Given information Start Marker

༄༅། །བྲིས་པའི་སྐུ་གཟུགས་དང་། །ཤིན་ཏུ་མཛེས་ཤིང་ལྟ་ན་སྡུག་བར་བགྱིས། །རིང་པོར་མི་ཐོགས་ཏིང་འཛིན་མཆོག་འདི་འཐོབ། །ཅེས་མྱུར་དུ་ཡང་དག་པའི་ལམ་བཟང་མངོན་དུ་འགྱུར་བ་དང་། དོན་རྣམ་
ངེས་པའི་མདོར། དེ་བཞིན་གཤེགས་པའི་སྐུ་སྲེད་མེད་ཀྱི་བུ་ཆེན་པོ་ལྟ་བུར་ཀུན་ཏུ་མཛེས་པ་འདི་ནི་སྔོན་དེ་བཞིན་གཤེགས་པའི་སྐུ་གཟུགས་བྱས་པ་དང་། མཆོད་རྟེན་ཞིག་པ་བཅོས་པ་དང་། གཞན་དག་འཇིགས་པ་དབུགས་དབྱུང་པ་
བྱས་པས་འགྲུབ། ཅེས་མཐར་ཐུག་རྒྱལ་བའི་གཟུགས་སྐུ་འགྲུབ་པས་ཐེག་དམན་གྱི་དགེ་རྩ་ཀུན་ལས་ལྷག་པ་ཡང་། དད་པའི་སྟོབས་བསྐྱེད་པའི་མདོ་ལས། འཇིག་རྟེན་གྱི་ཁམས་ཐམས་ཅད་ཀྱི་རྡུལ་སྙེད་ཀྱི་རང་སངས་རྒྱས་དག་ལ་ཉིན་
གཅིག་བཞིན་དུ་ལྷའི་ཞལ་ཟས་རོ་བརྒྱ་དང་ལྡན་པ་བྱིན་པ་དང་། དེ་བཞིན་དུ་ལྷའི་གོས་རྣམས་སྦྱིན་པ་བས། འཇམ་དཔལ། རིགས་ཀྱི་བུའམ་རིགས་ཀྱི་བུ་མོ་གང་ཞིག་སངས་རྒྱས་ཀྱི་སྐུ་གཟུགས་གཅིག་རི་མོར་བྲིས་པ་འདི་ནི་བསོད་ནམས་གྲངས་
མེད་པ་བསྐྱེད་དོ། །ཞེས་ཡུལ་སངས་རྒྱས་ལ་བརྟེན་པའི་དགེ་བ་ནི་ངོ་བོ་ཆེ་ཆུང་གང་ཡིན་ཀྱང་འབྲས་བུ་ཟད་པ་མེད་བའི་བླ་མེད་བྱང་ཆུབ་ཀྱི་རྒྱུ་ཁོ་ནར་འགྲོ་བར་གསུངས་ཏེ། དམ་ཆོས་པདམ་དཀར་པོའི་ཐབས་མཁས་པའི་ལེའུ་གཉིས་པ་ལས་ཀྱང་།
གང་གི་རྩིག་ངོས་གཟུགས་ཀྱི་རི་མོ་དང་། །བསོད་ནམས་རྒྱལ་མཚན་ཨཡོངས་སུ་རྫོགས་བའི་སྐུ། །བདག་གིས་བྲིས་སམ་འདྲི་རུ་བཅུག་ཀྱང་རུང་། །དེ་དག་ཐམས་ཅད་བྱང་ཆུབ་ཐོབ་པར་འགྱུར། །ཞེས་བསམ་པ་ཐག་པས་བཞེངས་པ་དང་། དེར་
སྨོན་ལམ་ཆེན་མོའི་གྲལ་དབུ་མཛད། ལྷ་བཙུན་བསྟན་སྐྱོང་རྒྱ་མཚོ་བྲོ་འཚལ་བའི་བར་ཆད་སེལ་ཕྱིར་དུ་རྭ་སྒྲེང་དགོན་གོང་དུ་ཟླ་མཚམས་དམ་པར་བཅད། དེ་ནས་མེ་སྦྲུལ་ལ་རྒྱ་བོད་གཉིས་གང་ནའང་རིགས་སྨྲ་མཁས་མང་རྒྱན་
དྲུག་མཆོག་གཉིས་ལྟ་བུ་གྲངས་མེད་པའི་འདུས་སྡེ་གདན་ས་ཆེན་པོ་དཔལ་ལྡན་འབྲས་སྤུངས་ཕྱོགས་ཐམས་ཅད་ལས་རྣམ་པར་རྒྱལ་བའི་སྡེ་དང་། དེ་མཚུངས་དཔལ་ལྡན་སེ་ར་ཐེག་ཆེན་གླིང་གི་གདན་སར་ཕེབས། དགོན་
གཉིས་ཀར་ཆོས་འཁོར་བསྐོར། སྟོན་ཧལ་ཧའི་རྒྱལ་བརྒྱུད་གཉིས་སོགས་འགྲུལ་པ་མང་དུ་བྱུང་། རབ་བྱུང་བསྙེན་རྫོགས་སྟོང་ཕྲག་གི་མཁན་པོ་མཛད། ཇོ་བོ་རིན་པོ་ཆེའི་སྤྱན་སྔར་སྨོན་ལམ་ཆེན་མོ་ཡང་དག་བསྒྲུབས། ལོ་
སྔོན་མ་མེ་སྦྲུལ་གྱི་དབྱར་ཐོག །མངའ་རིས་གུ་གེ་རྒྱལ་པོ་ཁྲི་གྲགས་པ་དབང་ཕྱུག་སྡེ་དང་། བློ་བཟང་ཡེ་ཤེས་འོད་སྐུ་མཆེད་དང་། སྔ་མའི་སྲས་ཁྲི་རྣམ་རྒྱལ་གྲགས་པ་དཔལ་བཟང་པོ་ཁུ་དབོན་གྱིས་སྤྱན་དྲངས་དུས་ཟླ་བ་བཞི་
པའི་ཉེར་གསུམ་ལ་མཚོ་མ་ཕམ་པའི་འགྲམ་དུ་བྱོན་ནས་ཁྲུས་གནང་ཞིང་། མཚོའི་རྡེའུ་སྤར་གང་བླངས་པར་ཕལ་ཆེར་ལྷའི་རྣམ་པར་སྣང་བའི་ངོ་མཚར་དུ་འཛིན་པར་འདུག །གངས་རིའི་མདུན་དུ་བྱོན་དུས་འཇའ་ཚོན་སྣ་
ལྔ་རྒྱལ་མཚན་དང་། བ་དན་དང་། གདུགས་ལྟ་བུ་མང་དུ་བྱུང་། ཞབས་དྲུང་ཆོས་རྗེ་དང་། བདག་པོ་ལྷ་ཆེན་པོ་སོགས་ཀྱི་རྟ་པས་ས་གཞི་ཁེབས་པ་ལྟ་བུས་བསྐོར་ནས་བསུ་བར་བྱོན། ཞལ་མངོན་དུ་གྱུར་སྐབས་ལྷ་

Given information End Marker

» Your assignment
An exact restatement of the data is required.

» The completed task
༄༅། །བྲིས་པའི་སྐུ་གཟུགས་དང་། །ཤིན་ཏུ་མཛེས་ཤིང་ལྟ་ན་སྡུག་བར་བགྱིས། །རིང་པོར་མི་ཐོགས་ཏིང་འཛིན་མཆོག་འདི་འཐོབ། །ཅེས་མྱུར་དུ་ཡང་དག་པའི་ལམ་བཟང་མངོན་དུ་འགྱུར་བ་དང་། དོན་རྣམ་
ངེས་པའི་མདོར། དེ་བཞིན་གཤེགས་པའི་སྐུ་སྲེད་མེད་ཀྱི་བུ་ཆེན་པོ་ལྟ་བུར་ཀུན་ཏུ་མཛེས་པ་འདི་ནི་སྔོན་དེ་བཞིན་གཤེགས་པའི་སྐུ་གཟུགས་བྱས་པ་དང་། མཆོད་རྟེན་ཞིག་པ་བཅོས་པ་དང་། གཞན་དག་འཇིགས་པ་དབུགས་དབྱུང་པ་
བྱས་པས་འགྲུབ། ཅེས་མཐར་ཐུག་རྒྱལ་བའི་གཟུགས་སྐུ་འགྲུབ་པས་ཐེག་དམན་གྱི་དགེ་རྩ་ཀུན་ལས་ལྷག་པ་ཡང་། དད་པའི་སྟོབས་བསྐྱེད་པའི་མདོ་ལས། འཇིག་རྟེན་གྱི་ཁམས་ཐམས་ཅད་ཀྱི་རྡུལ་སྙེད་ཀྱི་རང་སངས་རྒྱས་དག་ལ་ཉིན་
གཅིག་བཞིན་དུ་ལྷའི་ཞལ་ཟས་རོ་བརྒྱ་དང་ལྡན་པ་བྱིན་པ་དང་། དེ་བཞིན་དུ་ལྷའི་གོས་རྣམས་སྦྱིན་པ་བས། འཇམ་དཔལ། རིགས་ཀྱི་བུའམ་རིགས་ཀྱི་བུ་མོ་གང་ཞིག་སངས་རྒྱས་ཀྱི་སྐུ་གཟུགས་གཅིག་རི་མོར་བྲིས་པ་འདི་ནི་བསོད་ནམས་གྲངས་
མེད་པ་བསྐྱེད་དོ། །ཞེས་ཡུལ་སངས་རྒྱས་ལ་བརྟེན་པའི་དགེ་བ་ནི་ངོ་བོ་ཆེ་ཆུང་གང་ཡིན་ཀྱང་འབྲས་བུ་ཟད་པ་མེད་བའི་བླ་མེད་བྱང་ཆུབ་ཀྱི་རྒྱུ་ཁོ་ནར་འགྲོ་བར་གསུངས་ཏེ། དམ་ཆོས་པདམ་དཀར་པོའི་ཐབས་མཁས་པའི་ལེའུ་གཉིས་པ་ལས་ཀྱང་།
གང་གི་རྩིག་ངོས་གཟུགས་ཀྱི་རི་མོ་དང་། །བསོད་ནམས་རྒྱལ་མཚན་ཨཡོངས་སུ་རྫོགས་བའི་སྐུ། །བདག་གིས་བྲིས་སམ་འདྲི་རུ་བཅུག་ཀྱང་རུང་། །དེ་དག་ཐམས་ཅད་བྱང་ཆུབ་ཐོབ་པར་འགྱུར། །ཞེས་བསམ་པ་ཐག་པས་བཞེངས་པ་དང་། དེར་
སྨོན་ལམ་ཆེན་མོའི་གྲལ་དབུ་མཛད། ལྷ་བཙུན་བསྟན་སྐྱོང་རྒྱ་མཚོ་བྲོ་འཚལ་བའི་བར་ཆད་སེལ་ཕྱིར་དུ་རྭ་སྒྲེང་དགོན་གོང་དུ་ཟླ་མཚམས་དམ་པར་བཅད། དེ་ནས་མེ་སྦྲུལ་ལ་རྒྱ་བོད་གཉིས་གང་ནའང་རིགས་སྨྲ་མཁས་མང་རྒྱན་
དྲུག་མཆོག་གཉིས་ལྟ་བུ་གྲངས་མེད་པའི་འདུས་སྡེ་གདན་ས་ཆེན་པོ་དཔལ་ལྡན་འབྲས་སྤུངས་ཕྱོགས་ཐམས་ཅད་ལས་རྣམ་པར་རྒྱལ་བའི་སྡེ་དང་། དེ་མཚུངས་དཔལ་ལྡན་སེ་ར་ཐེག་ཆེན་གླིང་གི་གདན་སར་ཕེབས། དགོན་
གཉིས་ཀར་ཆོས་འཁོར་བསྐོར། སྟོན་ཧལ་ཧའི་རྒྱལ་བརྒྱུད་གཉིས་སོགས་འགྲུལ་པ་མང་དུ་བྱུང་། རབ་བྱུང་བསྙེན་རྫོགས་སྟོང་ཕྲག་གི་མཁན་པོ་མཛད། ཇོ་བོ་རིན་པོ་ཆེའི་སྤྱན་སྔར་སྨོན་ལམ་ཆེན་མོ་ཡང་དག་བསྒྲུབས། ལོ་
སྔོན་མ་མེ་སྦྲུལ་གྱི་དབྱར་ཐོག །མངའ་རིས་གུ་གེ་རྒྱལ་པོ་ཁྲི་གྲགས་པ་དབང་ཕྱུག་སྡེ་དང་། བློ་བཟང་ཡེ་ཤེས་འོད་སྐུ་མཆེད་དང་། སྔ་མའི་སྲས་ཁྲི་རྣམ་རྒྱལ་གྲགས་པ་དཔལ་བཟང་པོ་ཁུ་དབོན་གྱིས་སྤྱན་དྲངས་དུས་ཟླ་བ་བཞི་
པའི་ཉེར་གསུམ་ལ་མཚོ་མ་ཕམ་པའི་འགྲམ་དུ་བྱོན་ནས་ཁྲུས་གནང་ཞིང་། མཚོའི་རྡེའུ་སྤར་གང་བླངས་པར་ཕལ་ཆེར་ལྷའི་རྣམ་པར་སྣང་བའི་ངོ་མཚར་དུ་འཛིན་པར་འདུག །གངས་རིའི་མདུན་དུ་བྱོན་དུས་འཇའ་ཚོན་སྣ་
ལྔ་རྒྱལ་མཚན་དང་། བ་དན་དང་། གདུགས་ལྟ་བུ་མང་དུ་བྱུང་། ཞབས་དྲུང་ཆོས་རྗེ་དང་། བདག་པོ་ལྷ་ཆེན་པོ་སོགས་ཀྱི་རྟ་པས་ས་གཞི་ཁེབས་པ་ལྟ་བུས་བསྐོར་ནས་བསུ་བར་བྱོན། ཞལ་མངོན་དུ་གྱུར་སྐབས་ལྷ་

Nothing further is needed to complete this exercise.